Effective representation is not a panacea for the problems of the criminal justice system because society would never tolerate “miracle defenses” the way it embraces “miracle drugs.” Bacteria and tumors don’t vote. They are a common enemy, and no employable politician wants his constituents dead. Doctors are warriors in a communal fight, and roughly a third of government revenue is spent on health care. Crime victims, property owners, and concerned parents do vote, and they often care passionately about controlling crime. They tolerate criminal defense attorneys not to “help criminals,” but to keep law enforcement from arresting the wrong people. Many good citizens are leery of our trade. Let an advocate become too eloquent, and he might place his clients above the law. Let him mass produce this elixir and we’d be half way to anarchy. Free judges from mandatory minimums, and silver-tongued advocates might prove them gullible. No defense attorney has found the equivalent of penicillan, and if one did, it would soon be illegal.
When criminal defense attorneys claim the same efficacy as doctors, they become charlatans. There is no cure for a DUI, though there are many people eager to buy one. There is a course of treatment, which typically involves jail, fines, and license suspension. An attorney can help you win acquittal in a close case or one with police misconduct. He can help you win a charge reduction if the courts are swamped or the prosecutor is sympathetic. He can muster mitigating evidence, craft a course of rehabilitation, and advocate alternatives to incarceration.

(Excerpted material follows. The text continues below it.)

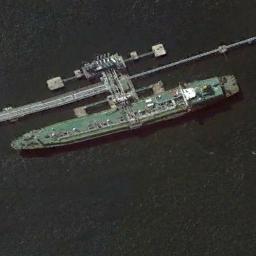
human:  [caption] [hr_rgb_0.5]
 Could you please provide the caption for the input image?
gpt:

But he cannot give you impunity to violate the law.
The shame of our profession is that too many attorneys ignore the best arguments for the arguments that scared and naïve clients want to hear. American criminal sentences are disgracefully harsh. In the land of the free, we incarcerate more people than communist China, despite having one quarter of its population. Prison expenditures have impoverished state universities and forced many students deep into debt. The financial cost of many burglary sentences is greater than the cost of a four-year college degree. Mass incarceration ruins lives, guts families, and has scarred an entire generation. There are principled arguments for humane sentences, and Georgia law often gives judges the discretion to impose them. The criminal defense bar should stop selling snake oil and focus on justice.